Migrate the Vulnerability Enrichment and Intelligence Engine to use native LLM Structured Outputs instead of relying on prompt engineering and manual JSON parsing. This will guarantee that the AI-generated security findings strictly adhere to the required JSON schema, data types, and enumerations.

Problem

Currently, the application extracts JSON responses from the LLM via prompt instructions (e.g., "Return ONLY JSON") and manual string parsing when enriching security findings.

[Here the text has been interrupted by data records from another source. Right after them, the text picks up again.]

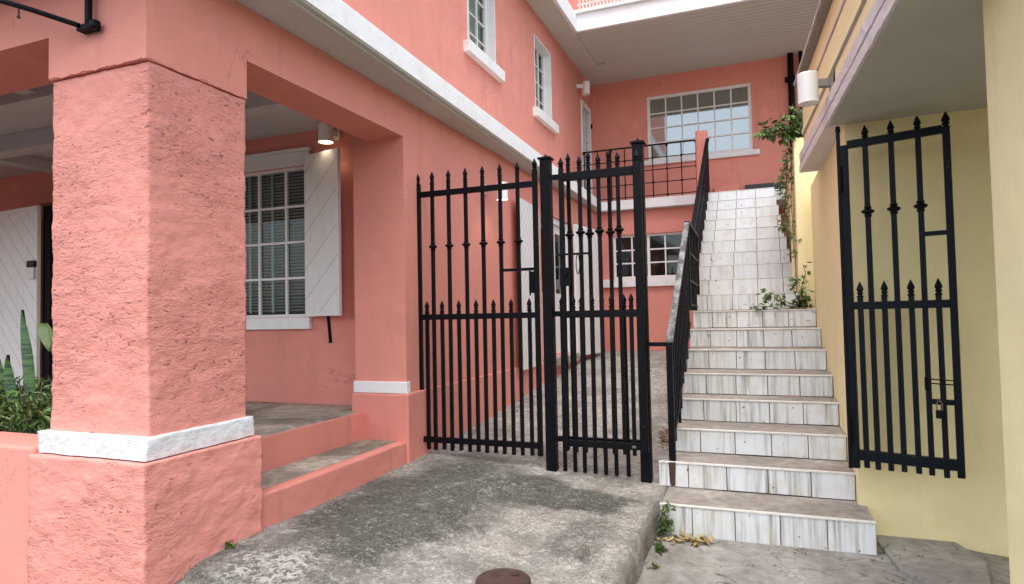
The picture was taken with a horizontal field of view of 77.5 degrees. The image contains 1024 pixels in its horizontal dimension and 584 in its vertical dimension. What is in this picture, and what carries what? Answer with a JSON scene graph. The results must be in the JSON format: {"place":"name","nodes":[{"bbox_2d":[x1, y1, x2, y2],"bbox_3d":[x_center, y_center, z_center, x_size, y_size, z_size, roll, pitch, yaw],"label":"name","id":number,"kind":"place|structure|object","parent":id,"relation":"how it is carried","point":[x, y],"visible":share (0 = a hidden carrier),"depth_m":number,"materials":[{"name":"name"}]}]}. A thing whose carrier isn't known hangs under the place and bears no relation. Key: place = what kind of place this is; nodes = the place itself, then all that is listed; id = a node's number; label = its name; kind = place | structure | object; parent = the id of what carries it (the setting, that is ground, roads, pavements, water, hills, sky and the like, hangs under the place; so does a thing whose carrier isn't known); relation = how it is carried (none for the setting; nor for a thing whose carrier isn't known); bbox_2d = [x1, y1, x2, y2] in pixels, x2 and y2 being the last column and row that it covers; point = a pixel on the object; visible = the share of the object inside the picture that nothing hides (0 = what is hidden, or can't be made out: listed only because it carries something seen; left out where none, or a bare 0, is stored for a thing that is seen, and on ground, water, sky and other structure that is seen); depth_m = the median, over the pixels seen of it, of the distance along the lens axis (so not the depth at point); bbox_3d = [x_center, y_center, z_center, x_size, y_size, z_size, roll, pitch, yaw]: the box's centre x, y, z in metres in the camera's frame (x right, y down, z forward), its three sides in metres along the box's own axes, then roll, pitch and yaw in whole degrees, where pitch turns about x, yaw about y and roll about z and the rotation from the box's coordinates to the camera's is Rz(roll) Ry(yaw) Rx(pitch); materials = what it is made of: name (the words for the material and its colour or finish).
{"place":"outdoors","nodes":[
{"label":"outdoors","id":0,"kind":"place"},
{"bbox_2d":[174,350,688,583],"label":"driveway","id":1,"kind":"structure","parent":0,"point":[435,557],"depth_m":3.85,"materials":[{"name":"concrete"}]},
{"bbox_2d":[225,540,234,549],"bbox_3d":[-1.480,1.321,3.335,0.056,0.054,0.063,1,-3,-40],"label":"weed","id":2,"kind":"object","parent":1,"relation":"on","point":[229,544],"visible":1,"depth_m":3.33,"materials":[{"name":"green plant"}]},
{"bbox_2d":[237,455,428,539],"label":"leaf litter","id":3,"kind":"object","parent":1,"relation":"on","point":[289,521],"visible":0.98,"depth_m":3.53,"materials":[{"name":"brown plant"}]},
{"bbox_2d":[256,394,659,581],"bbox_3d":[0.328,1.304,5.348,1.800,0.434,5.666,-2,-2,21],"label":"grit","id":4,"kind":"object","parent":1,"relation":"on","point":[477,526],"visible":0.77,"depth_m":3.74,"materials":[{"name":"gravel"}]},
{"bbox_2d":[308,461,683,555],"bbox_3d":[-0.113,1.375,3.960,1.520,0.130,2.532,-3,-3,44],"label":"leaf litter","id":5,"kind":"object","parent":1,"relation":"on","point":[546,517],"visible":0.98,"depth_m":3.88,"materials":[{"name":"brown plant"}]},
{"bbox_2d":[475,568,530,583],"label":"drain cap","id":6,"kind":"object","parent":1,"relation":"on","point":[504,576],"visible":1,"depth_m":3.11,"materials":[{"name":"metal"}]},
{"bbox_2d":[537,154,558,471],"bbox_3d":[0.290,0.171,4.984,0.104,2.516,0.104,-2,-2,21],"label":"gate post","id":7,"kind":"object","parent":1,"relation":"on","point":[549,325],"visible":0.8,"depth_m":4.95,"materials":[{"name":"black metal"}]},
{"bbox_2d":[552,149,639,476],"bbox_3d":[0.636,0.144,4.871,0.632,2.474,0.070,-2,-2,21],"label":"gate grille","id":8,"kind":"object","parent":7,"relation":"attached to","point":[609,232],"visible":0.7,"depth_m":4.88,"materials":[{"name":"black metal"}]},
{"bbox_2d":[472,368,678,447],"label":"leaf litter","id":9,"kind":"object","parent":1,"relation":"on","point":[666,439],"visible":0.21,"depth_m":5.74,"materials":[{"name":"brown plant"}]},
{"bbox_2d":[630,138,652,482],"bbox_3d":[0.966,0.138,4.721,0.102,2.576,0.102,-2,-2,21],"label":"gate post","id":10,"kind":"object","parent":1,"relation":"on","point":[646,461],"visible":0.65,"depth_m":4.68,"materials":[{"name":"black metal"}]},
{"bbox_2d":[556,149,648,455],"bbox_3d":[0.657,0.075,4.738,0.652,2.240,0.097,-2,-2,21],"label":"gate leaf","id":11,"kind":"object","parent":10,"relation":"attached to","point":[616,172],"visible":1,"depth_m":4.72,"materials":[{"name":"black paint"}]},
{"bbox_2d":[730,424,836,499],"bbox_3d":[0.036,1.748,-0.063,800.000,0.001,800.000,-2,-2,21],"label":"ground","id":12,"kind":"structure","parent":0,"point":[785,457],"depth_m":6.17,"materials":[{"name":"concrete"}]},
{"bbox_2d":[0,0,818,583],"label":"pink building","id":13,"kind":"structure","parent":12,"relation":"on","point":[210,236],"depth_m":5.21,"materials":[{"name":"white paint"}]},
{"bbox_2d":[0,375,51,433],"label":"bush","id":14,"kind":"object","parent":13,"relation":"on","point":[27,420],"visible":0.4,"depth_m":3.92,"materials":[{"name":"green plant"}]},
{"bbox_2d":[0,310,51,418],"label":"snake plant","id":15,"kind":"object","parent":13,"relation":"on","point":[7,375],"visible":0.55,"depth_m":4.11,"materials":[{"name":"green plant"}]},
{"bbox_2d":[26,260,36,278],"bbox_3d":[-5.016,-0.232,6.676,0.110,0.190,0.070,-2,-2,21],"label":"key box","id":16,"kind":"object","parent":13,"relation":"attached to","point":[31,265],"visible":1,"depth_m":6.64,"materials":[{"name":"white plastic"}]},
{"bbox_2d":[38,323,52,350],"bbox_3d":[-2.920,0.547,4.079,0.246,0.703,0.119,-1,-2,-16],"label":"broad leaf plant","id":17,"kind":"object","parent":13,"relation":"on","point":[45,332],"visible":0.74,"depth_m":4.07,"materials":[{"name":"green plant"}]},
{"bbox_2d":[0,0,100,34],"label":"sign bracket","id":18,"kind":"object","parent":13,"relation":"attached to","point":[90,25],"visible":1,"depth_m":3.14,"materials":[{"name":"black metal"}]},
{"bbox_2d":[245,146,314,329],"bbox_3d":[-2.483,-0.483,6.282,1.560,1.700,0.260,-2,-2,21],"label":"window","id":19,"kind":"structure","parent":13,"relation":"in","point":[274,211],"depth_m":6.21,"materials":[{"name":"white paint"}]},
{"bbox_2d":[318,122,339,143],"bbox_3d":[-1.659,-1.427,5.777,0.136,0.165,0.227,-2,-2,21],"label":"wall lamp","id":20,"kind":"object","parent":13,"relation":"attached to","point":[328,134],"visible":0.92,"depth_m":5.69,"materials":[{"name":"white metal"}]},
{"bbox_2d":[416,159,543,456],"bbox_3d":[-0.314,0.129,5.221,1.146,2.349,0.072,-2,-2,21],"label":"gate leaf","id":21,"kind":"object","parent":13,"relation":"attached to","point":[529,314],"visible":0.98,"depth_m":5.18,"materials":[{"name":"black paint"}]},
{"bbox_2d":[463,0,504,82],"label":"window","id":22,"kind":"structure","parent":13,"relation":"in","point":[486,58],"depth_m":7.73,"materials":[{"name":"white paint"}]},
{"bbox_2d":[484,182,507,200],"bbox_3d":[-0.171,-1.055,6.725,0.265,0.180,0.124,-2,-2,21],"label":"wall lamp","id":23,"kind":"object","parent":13,"relation":"attached to","point":[504,195],"visible":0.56,"depth_m":6.66,"materials":[{"name":"white metal"}]},
{"bbox_2d":[533,34,558,133],"bbox_3d":[0.407,-3.118,9.629,0.295,1.238,1.020,-2,-2,21],"label":"window","id":24,"kind":"structure","parent":13,"relation":"in","point":[544,115],"depth_m":9.91,"materials":[{"name":"white paint"}]},
{"bbox_2d":[540,212,569,355],"bbox_3d":[0.570,-0.078,9.125,0.110,1.970,1.400,-2,-2,21],"label":"door","id":25,"kind":"structure","parent":13,"relation":"in","point":[555,222],"depth_m":9.34,"materials":[{"name":"white paint"}]},
{"bbox_2d":[576,81,589,95],"bbox_3d":[1.268,-3.639,11.375,0.250,0.220,0.140,-1,-2,-5],"label":"wall lamp","id":26,"kind":"object","parent":13,"relation":"attached to","point":[585,86],"visible":1,"depth_m":11.34,"materials":[{"name":"white metal"}]},
{"bbox_2d":[581,99,592,194],"bbox_3d":[1.360,-2.545,11.915,0.170,1.930,0.680,-2,-2,21],"label":"balcony door","id":27,"kind":"structure","parent":13,"relation":"in","point":[586,126],"depth_m":12.07,"materials":[{"name":"white paint"}]},
{"bbox_2d":[582,139,696,200],"bbox_3d":[2.223,-2.094,11.169,2.010,0.940,0.048,-2,-2,21],"label":"balcony railing","id":28,"kind":"object","parent":13,"relation":"on","point":[652,158],"visible":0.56,"depth_m":11.06,"materials":[{"name":"black metal"}]},
{"bbox_2d":[603,232,682,287],"bbox_3d":[2.356,-0.560,11.195,1.520,0.930,0.170,-2,-2,21],"label":"window","id":29,"kind":"structure","parent":13,"relation":"in","point":[663,249],"depth_m":11.20,"materials":[{"name":"white paint"}]},
{"bbox_2d":[644,83,759,165],"bbox_3d":[3.415,-3.047,11.640,2.030,1.310,0.140,-2,-2,21],"label":"window","id":30,"kind":"structure","parent":13,"relation":"in","point":[725,112],"depth_m":11.66,"materials":[{"name":"white paint"}]},
{"bbox_2d":[794,0,1023,583],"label":"yellow building","id":31,"kind":"structure","parent":12,"relation":"on","point":[900,64],"depth_m":3.85,"materials":[{"name":"paint"}]},
{"bbox_2d":[797,69,833,106],"bbox_3d":[1.954,-1.315,4.106,0.214,0.195,0.128,-2,-2,21],"label":"wall lamp","id":32,"kind":"object","parent":31,"relation":"attached to","point":[809,83],"visible":0.96,"depth_m":4.07,"materials":[{"name":"white metal"}]},
{"bbox_2d":[835,111,965,478],"bbox_3d":[2.281,0.010,3.777,0.597,2.120,0.074,-3,-3,39],"label":"gate leaf","id":33,"kind":"object","parent":31,"relation":"attached to","point":[946,463],"visible":1,"depth_m":3.76,"materials":[{"name":"black paint"}]},
{"bbox_2d":[936,401,943,418],"bbox_3d":[2.421,0.667,3.609,0.038,0.100,0.020,-3,-3,39],"label":"padlock","id":34,"kind":"object","parent":33,"relation":"hanging from","point":[939,414],"visible":1,"depth_m":3.60,"materials":[{"name":"black paint"}]},
{"bbox_2d":[637,533,1009,583],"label":"pavement","id":35,"kind":"structure","parent":0,"point":[769,564],"depth_m":3.62,"materials":[{"name":"concrete"}]},
{"bbox_2d":[647,562,659,568],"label":"weed","id":36,"kind":"object","parent":35,"relation":"on","point":[655,566],"visible":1,"depth_m":3.63,"materials":[{"name":"green plant"}]},
{"bbox_2d":[653,540,666,555],"bbox_3d":[0.896,1.554,3.845,0.074,0.095,0.115,-1,-2,0],"label":"weed","id":37,"kind":"object","parent":35,"relation":"on","point":[660,547],"visible":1,"depth_m":3.85,"materials":[{"name":"green plant"}]},
{"bbox_2d":[656,515,674,536],"bbox_3d":[0.980,1.507,4.083,0.135,0.159,0.172,-2,-2,21],"label":"weed","id":38,"kind":"object","parent":35,"relation":"on","point":[661,527],"visible":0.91,"depth_m":4.09,"materials":[{"name":"green plant"}]},
{"bbox_2d":[657,499,675,526],"bbox_3d":[0.983,1.414,4.066,0.133,0.171,0.153,-2,-2,21],"label":"weed","id":39,"kind":"object","parent":35,"relation":"on","point":[664,510],"visible":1,"depth_m":4.07,"materials":[{"name":"green plant"}]},
{"bbox_2d":[655,530,713,545],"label":"leaf litter","id":40,"kind":"object","parent":35,"relation":"on","point":[693,539],"visible":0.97,"depth_m":4.00,"materials":[{"name":"yellow plant"}]},
{"bbox_2d":[659,187,876,555],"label":"staircase","id":41,"kind":"structure","parent":35,"relation":"on","point":[749,374],"depth_m":5.01,"materials":[{"name":"white tile"}]},
{"bbox_2d":[648,221,699,460],"bbox_3d":[1.577,0.273,5.947,0.195,1.950,2.840,-2,-2,21],"label":"stair railing","id":42,"kind":"object","parent":41,"relation":"on","point":[686,291],"visible":0.95,"depth_m":5.33,"materials":[{"name":"black metal"}]},
{"bbox_2d":[691,138,709,257],"bbox_3d":[2.621,-1.228,8.806,0.060,2.582,3.081,-2,-2,21],"label":"stair railing","id":43,"kind":"object","parent":41,"relation":"on","point":[700,206],"visible":0.69,"depth_m":8.79,"materials":[{"name":"black metal"}]},
{"bbox_2d":[744,261,814,312],"bbox_3d":[2.717,-0.030,6.493,0.697,0.541,0.250,-2,-2,21],"label":"climbing vine","id":44,"kind":"object","parent":41,"relation":"on","point":[766,296],"visible":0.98,"depth_m":6.46,"materials":[{"name":"green plant"}]},
{"bbox_2d":[784,137,817,396],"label":"planter wall","id":45,"kind":"structure","parent":41,"relation":"on","point":[801,215],"depth_m":6.57,"materials":[{"name":"yellow paint"}]},
{"bbox_2d":[752,105,802,147],"bbox_3d":[2.876,-1.713,6.689,0.693,0.449,0.393,-1,-2,-4],"label":"climbing vine","id":46,"kind":"object","parent":45,"relation":"on","point":[789,132],"visible":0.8,"depth_m":6.64,"materials":[{"name":"green plant"}]},
{"bbox_2d":[774,141,800,261],"bbox_3d":[3.140,-0.931,7.303,0.240,1.360,1.533,-2,-2,21],"label":"climbing vine","id":47,"kind":"object","parent":45,"relation":"attached to","point":[785,161],"visible":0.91,"depth_m":6.88,"materials":[{"name":"green plant"}]},
{"bbox_2d":[656,543,889,583],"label":"grit","id":48,"kind":"object","parent":35,"relation":"on","point":[780,573],"visible":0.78,"depth_m":3.62,"materials":[{"name":"gravel"}]},
{"bbox_2d":[876,535,991,583],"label":"concrete pad","id":49,"kind":"object","parent":35,"relation":"on","point":[922,561],"visible":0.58,"depth_m":3.56,"materials":[{"name":"grey concrete"}]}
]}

This is highly brittle:

  • Pipeline Instability: A single malformed JSON property or missing bracket breaks downstream database ingestion and reporting.
  • Type Enforcement: Numerical values like cvss_score are sometimes returned as strings (e.g., "score: 8.5") instead of strict floats, breaking dashboard metrics.
  • Enum Hallucinations: The LLM may hallucinate non-standard severity levels (e.g., Severe or Warning instead of Critical, High, Medium, etc.), which breaks dashboard filters and routing logic.
  • Collection Crashes: Remediation steps might be returned as a single string instead of an array, causing client-side .map() errors on the frontend.

Proposed solution

Leverage the native Structured Outputs feature (JSON Schema validation) supported by modern LLM APIs.

  1. Define a strict schema (e.g., using a Pydantic model) for the enriched security finding payload, explicitly typing fields like severity (Enum), cvss_score (float), and remediation_steps (list of strings).
  2. Pass this schema directly into the LLM provider's structured output parameter.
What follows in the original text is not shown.